Regular handfuls of chamomile, dandelion and yarrow leaves and flowers will all hasten decomposition of the compost with yarrow being the most effective. Yarrow also adds copper, nitrates, phosphates and potash while chamomile adds calcium and ‘sweetens’ the mixture. Dandelions contribute copper, iron and potash.
Nettles are problem weeds but they actually improve the quality of the soil in which they grow, and when added to the compost contribute iron and nitrogen. Tansy adds potassium, which is very important for plant growth, while valerian increases the phosphorous content so essential for good flowers and fruits. Probably the most useful compost plant is comfrey. It is rich in potassium, nitrogen, calcium and phosphates. I keep a clump growing next to the compost and add a handful of leaves whenever I throw in kitchen scraps. I also find that an occasional water with seaweed fertiliser is beneficial to the compost.

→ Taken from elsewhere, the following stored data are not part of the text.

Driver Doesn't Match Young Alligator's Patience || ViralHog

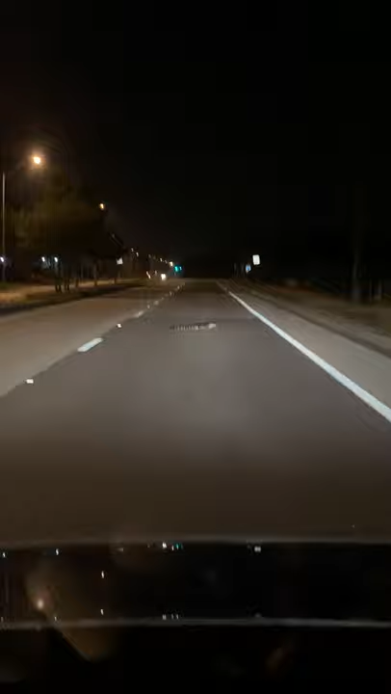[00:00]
Look at this dumb ass fucking gator Like fucking move I almost hit him going the other way now. He's just sitting here
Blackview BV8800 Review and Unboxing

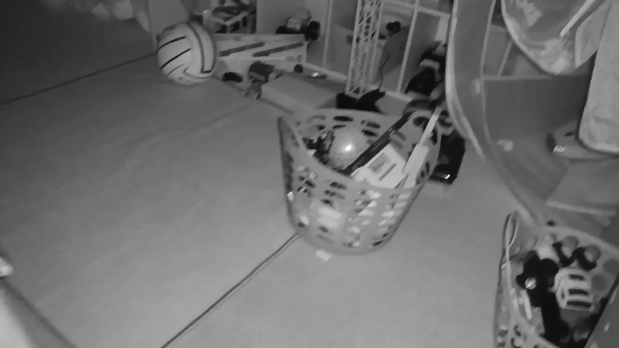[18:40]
You can see where you're walking. So your feet look down.
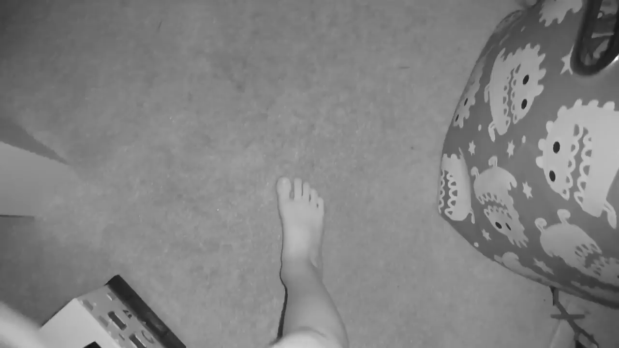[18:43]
Whoa.
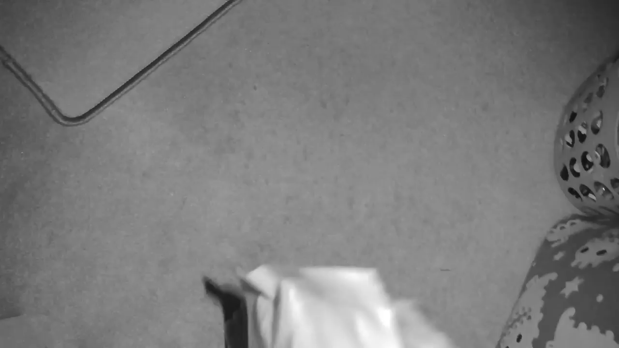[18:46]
So that's something, isn't it? Look at that. It's going to see your, it sees your toys in the dark.
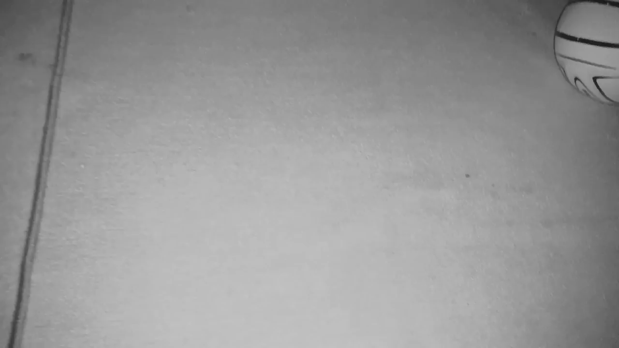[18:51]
Mia, come here. Come on, see near the wiener.
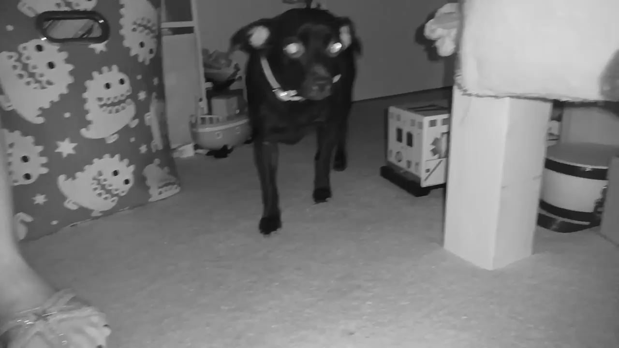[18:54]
She's like, okay, what are we doing in the dark? It's pitch dark under your bed.
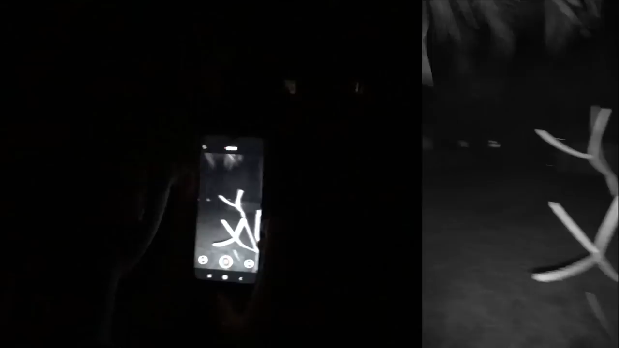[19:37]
It looked like your average security karma.
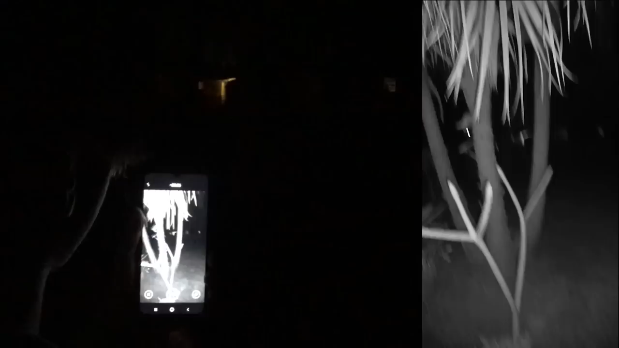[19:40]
Well, that's because you're right up close to it though, but what's it look like if you're not right up against one of the trees?
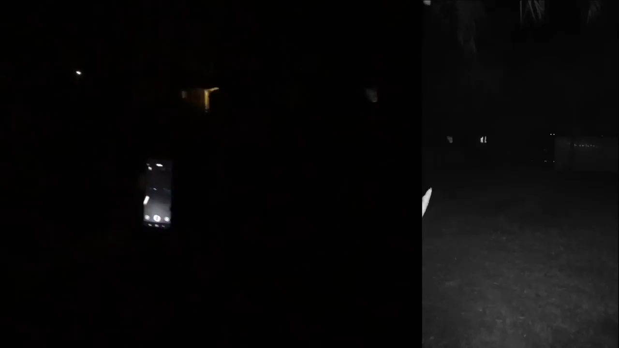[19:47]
Okay, come over here. Where? But you go first since you got the night vision. I don't want to fall. Okay, make a left onto the stepping stones.
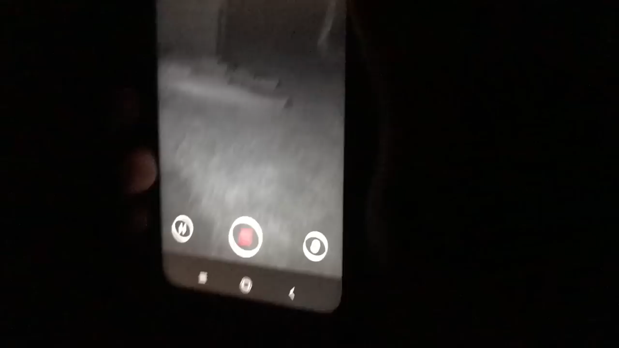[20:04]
Tree. Like, it really does work well. You cannot see anything out here. It is dark. So I think that pretty well wraps this up here.
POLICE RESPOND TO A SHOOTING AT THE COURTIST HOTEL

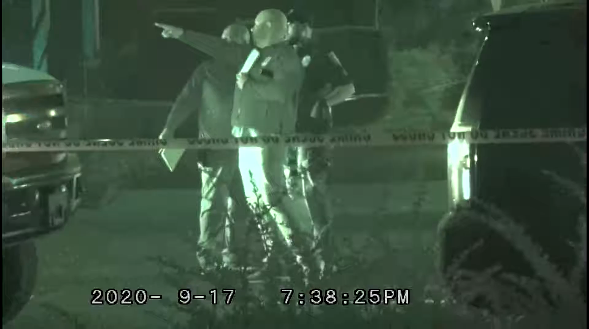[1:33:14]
Yeah, because I think if somebody was dead in the truck, mm-hmm, they would at least have them covered in some type of something.
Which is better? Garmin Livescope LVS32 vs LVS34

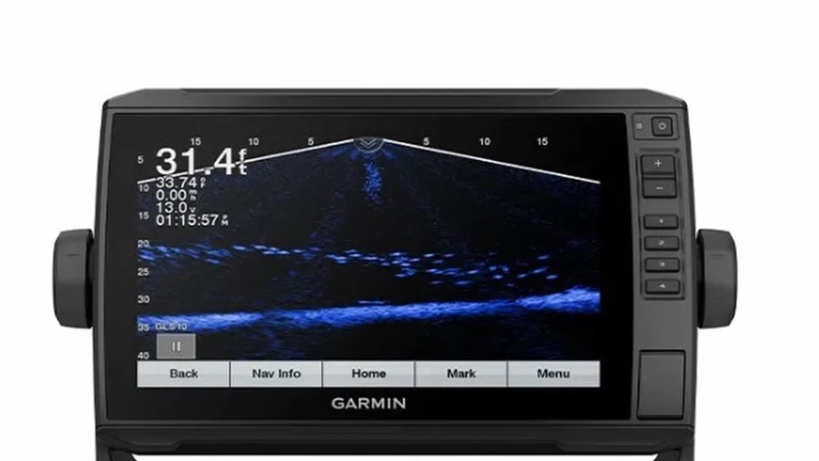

Once the compost bin is full leave it to mature. This should take between 1 and 3 months in warm weather and a little longer in cold weather. If you turn the heap every two weeks it will rot down much more quickly. When the compost is finished the volume will be much less and it should be made up of coarse pieces of organic material that are no longer recognisable as the original constituents. The longer the compost is left, the finer these particles will become. It can be spread on the surface of the soil where rain will leach the nutrients into the soil and worms and other mini-beasts will gradually pull the organic pieces into the soil. Alternatively, dig it into the soil where the plants can more quickly access the nutrients but remember that digging physically breaks the soil’s structure, releasing nutrients, in the short term but causing the soil to become more quickly depleted in the long term.
Related: What Is Organic Gardening?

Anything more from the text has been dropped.